Source material:
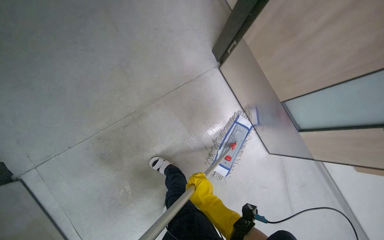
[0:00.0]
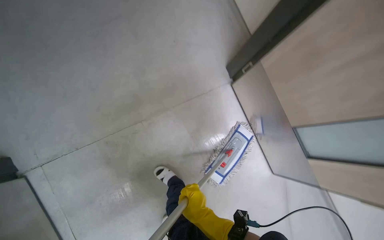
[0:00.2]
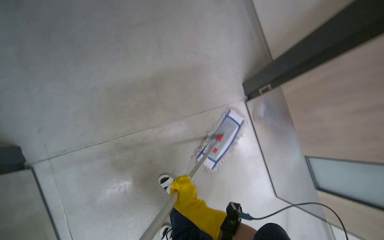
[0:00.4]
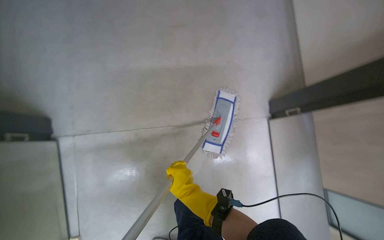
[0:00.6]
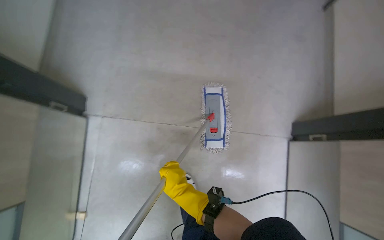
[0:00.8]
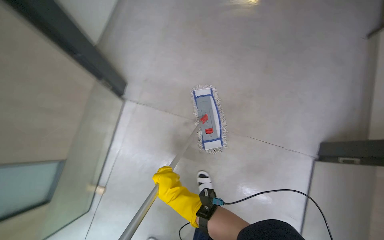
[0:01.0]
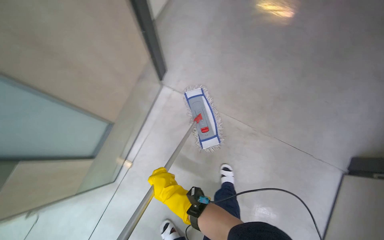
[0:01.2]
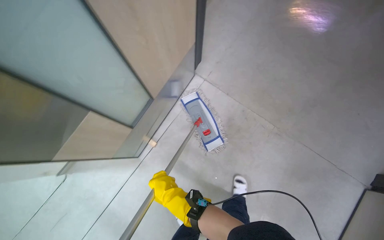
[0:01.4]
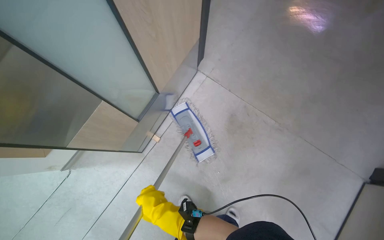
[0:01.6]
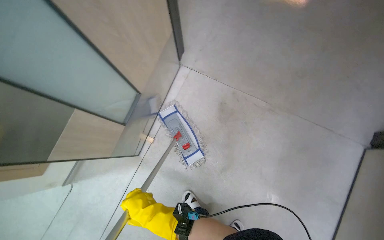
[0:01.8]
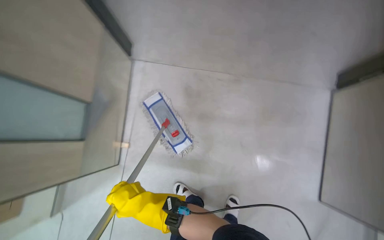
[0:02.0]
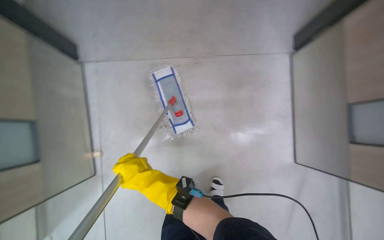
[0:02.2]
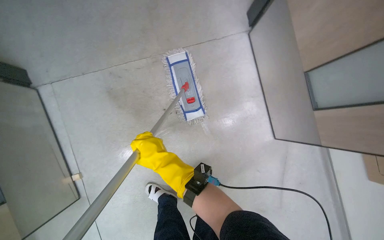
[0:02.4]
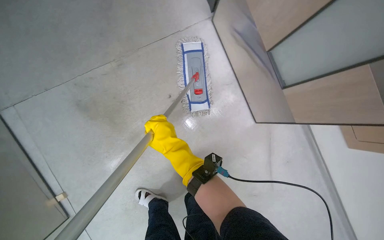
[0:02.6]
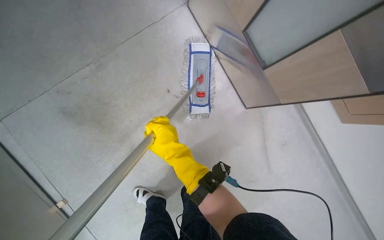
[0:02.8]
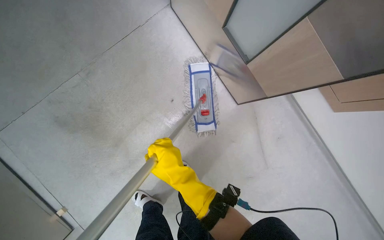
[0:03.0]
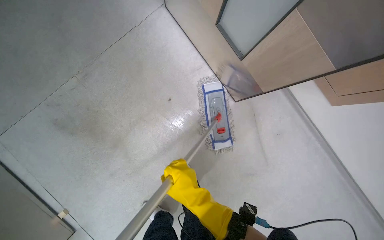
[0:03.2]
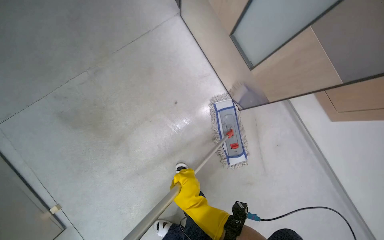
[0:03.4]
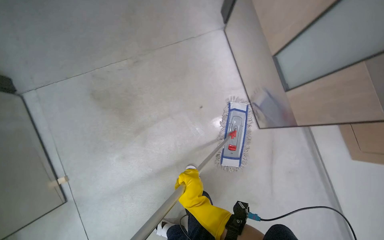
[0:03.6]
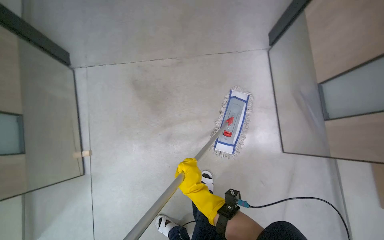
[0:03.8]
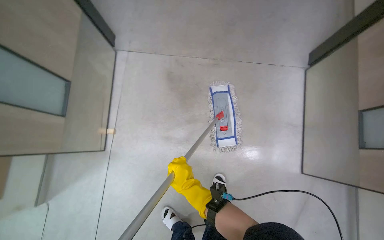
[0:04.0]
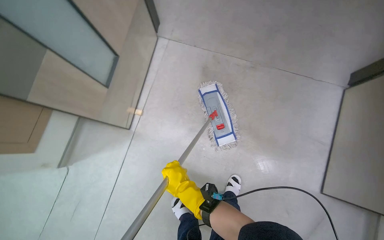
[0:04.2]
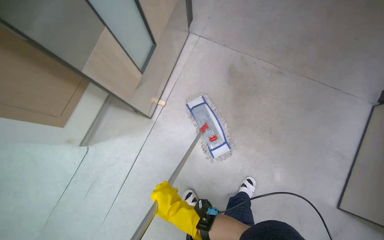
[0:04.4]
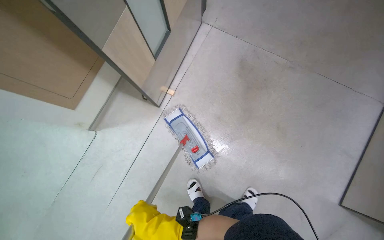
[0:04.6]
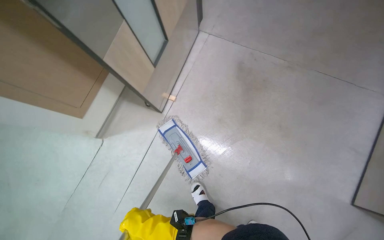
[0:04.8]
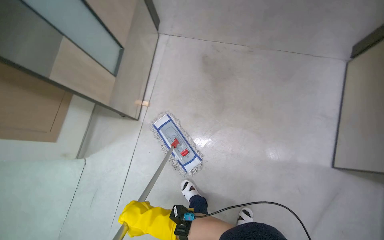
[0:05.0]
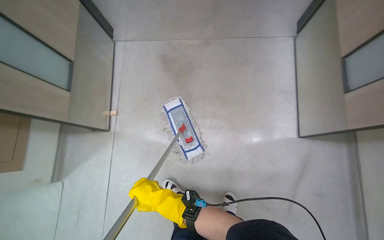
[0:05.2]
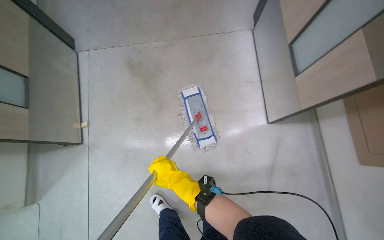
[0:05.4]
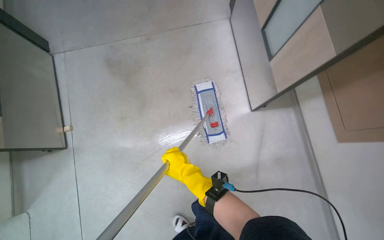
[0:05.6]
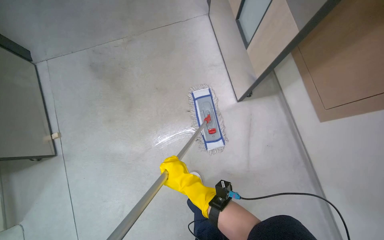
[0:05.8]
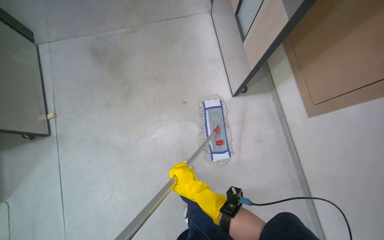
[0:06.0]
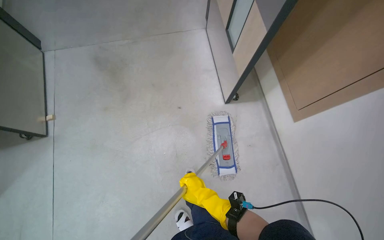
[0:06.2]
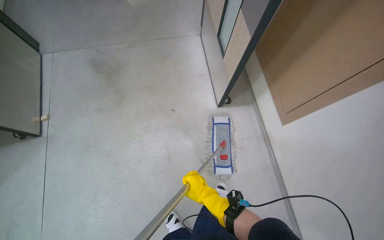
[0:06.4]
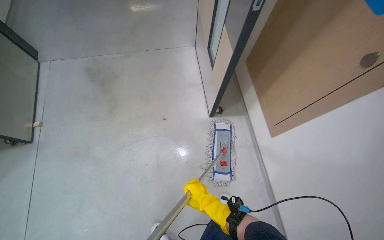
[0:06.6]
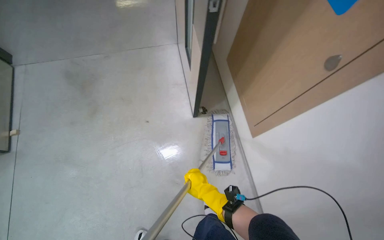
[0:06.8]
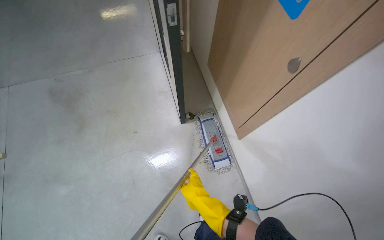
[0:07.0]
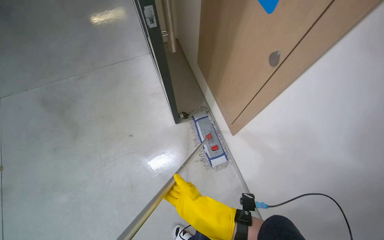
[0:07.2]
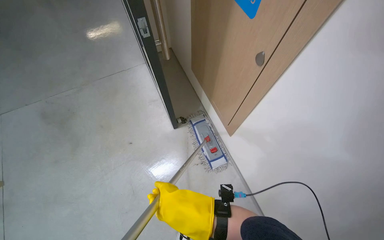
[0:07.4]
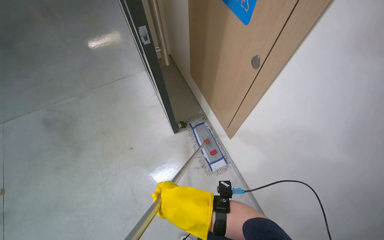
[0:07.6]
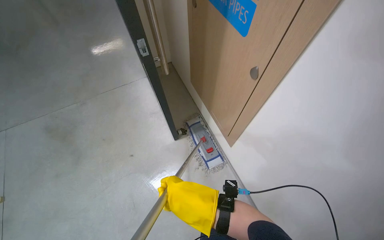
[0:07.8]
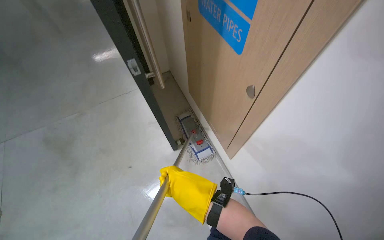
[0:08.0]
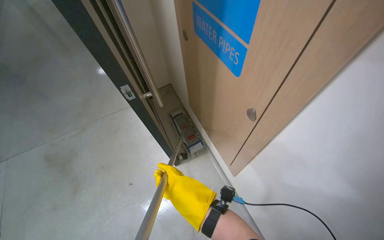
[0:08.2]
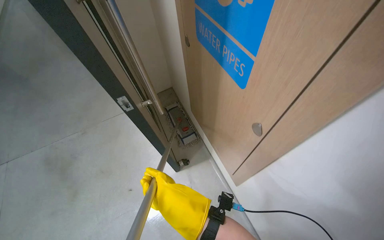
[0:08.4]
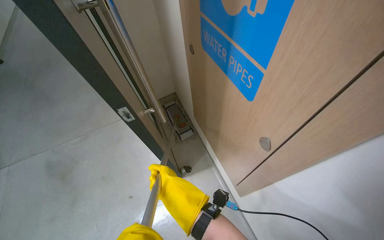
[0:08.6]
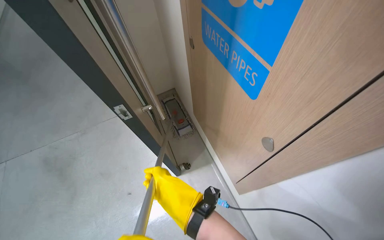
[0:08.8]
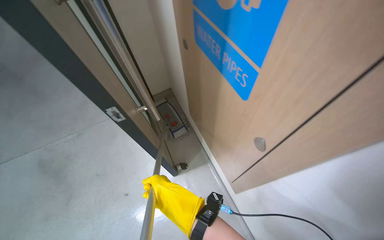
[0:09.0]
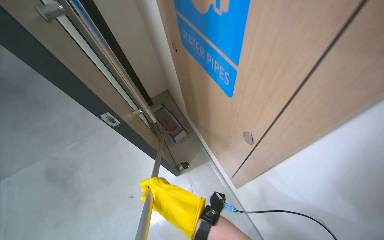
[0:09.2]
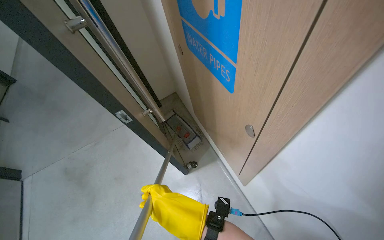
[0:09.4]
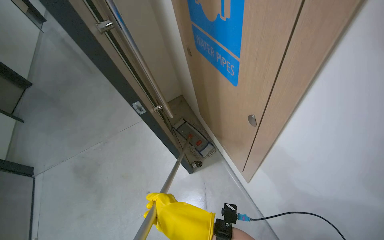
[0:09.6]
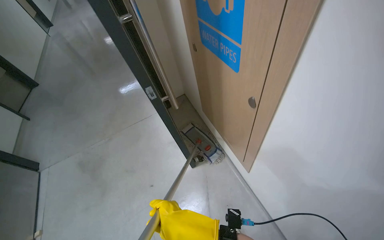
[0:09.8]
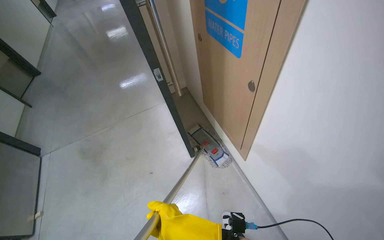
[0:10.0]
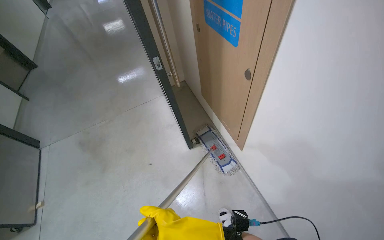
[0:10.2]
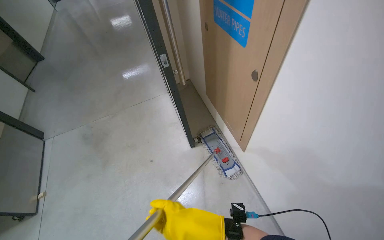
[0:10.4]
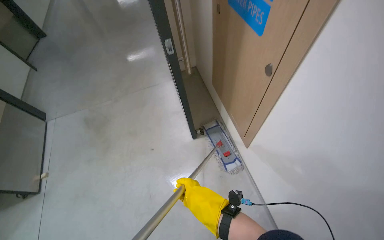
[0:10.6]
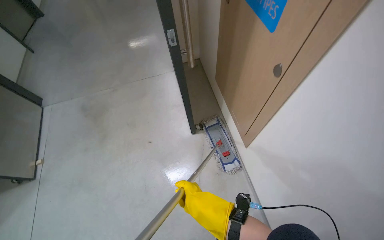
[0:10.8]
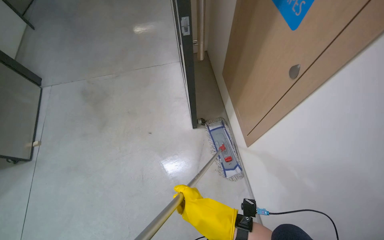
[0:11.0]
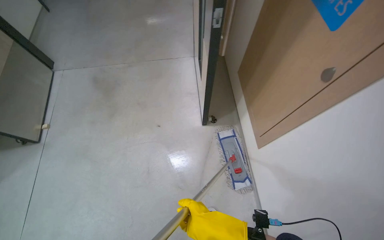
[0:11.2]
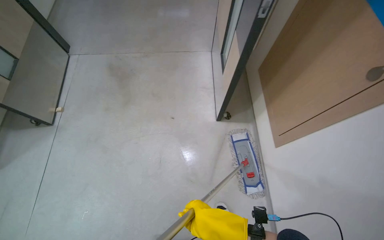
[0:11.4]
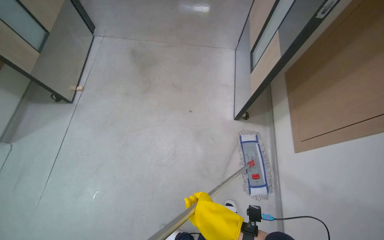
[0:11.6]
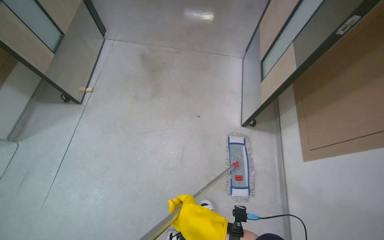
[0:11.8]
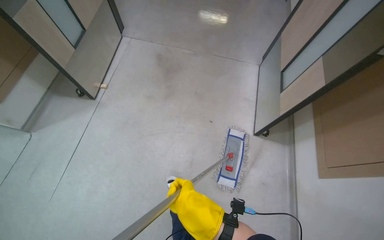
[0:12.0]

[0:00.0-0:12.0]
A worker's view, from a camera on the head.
Job: mopping floor.
The whole recording: Mopping hallway floor. The worker mops the hallway floor, wringing out the mop head and moving the cleaning cart as needed.
0:00.0 to 0:01.6: The camera is carried about 50 cm. The head turns to the left by some 60 degrees.
0:01.6 to 0:03.0: The wearer looks about 15 degrees further downward.
0:03.0 to 0:04.4: The view tilts approximately 10 degrees upward.
0:04.4 to 0:06.0: The wearer moves roughly 70 cm. The scene turns about 40 degrees counterclockwise in the picture.
0:06.0 to 0:07.6: The camera pitches upward, by about 15 degrees. The right hand travels nearer to the camera by roughly 20 cm.
0:07.6 to 0:09.0: The view tilts approximately 20 degrees upward.
0:10.4 to 0:12.0: The wearer moves to the left, roughly 50 cm. The camera pitches downward, by roughly 15 degrees. The scene rotates clockwise by about 40 degrees.

Exercise brief: Would you restate the listing word for word without its pictures?

Answer to the problem:
[0:00.0]
[0:00.2]
[0:00.4]
[0:00.6]
[0:00.8]
[0:01.0]
[0:01.2]
[0:01.4]
[0:01.6]
[0:01.8]
[0:02.0]
[0:02.2]
[0:02.4]
[0:02.6]
[0:02.8]
[0:03.0]
[0:03.2]
[0:03.4]
[0:03.6]
[0:03.8]
[0:04.0]
[0:04.2]
[0:04.4]
[0:04.6]
[0:04.8]
[0:05.0]
[0:05.2]
[0:05.4]
[0:05.6]
[0:05.8]
[0:06.0]
[0:06.2]
[0:06.4]
[0:06.6]
[0:06.8]
[0:07.0]
[0:07.2]
[0:07.4]
[0:07.6]
[0:07.8]
[0:08.0]
[0:08.2]
[0:08.4]
[0:08.6]
[0:08.8]
[0:09.0]
[0:09.2]
[0:09.4]
[0:09.6]
[0:09.8]
[0:10.0]
[0:10.2]
[0:10.4]
[0:10.6]
[0:10.8]
[0:11.0]
[0:11.2]
[0:11.4]
[0:11.6]
[0:11.8]
[0:12.0]

[0:00.0-0:12.0]
A worker's view, from a camera on the head.
Job: mopping floor.
The whole recording: Mopping hallway floor. The worker mops the hallway floor, wringing out the mop head and moving the cleaning cart as needed.
0:00.0 to 0:01.6: The camera is carried about 50 cm. The head turns to the left by some 60 degrees.
0:01.6 to 0:03.0: The wearer looks about 15 degrees further downward.
0:03.0 to 0:04.4: The view tilts approximately 10 degrees upward.
0:04.4 to 0:06.0: The wearer moves roughly 70 cm. The scene turns about 40 degrees counterclockwise in the picture.
0:06.0 to 0:07.6: The camera pitches upward, by about 15 degrees. The right hand travels nearer to the camera by roughly 20 cm.
0:07.6 to 0:09.0: The view tilts approximately 20 degrees upward.
0:10.4 to 0:12.0: The wearer moves to the left, roughly 50 cm. The camera pitches downward, by roughly 15 degrees. The scene rotates clockwise by about 40 degrees.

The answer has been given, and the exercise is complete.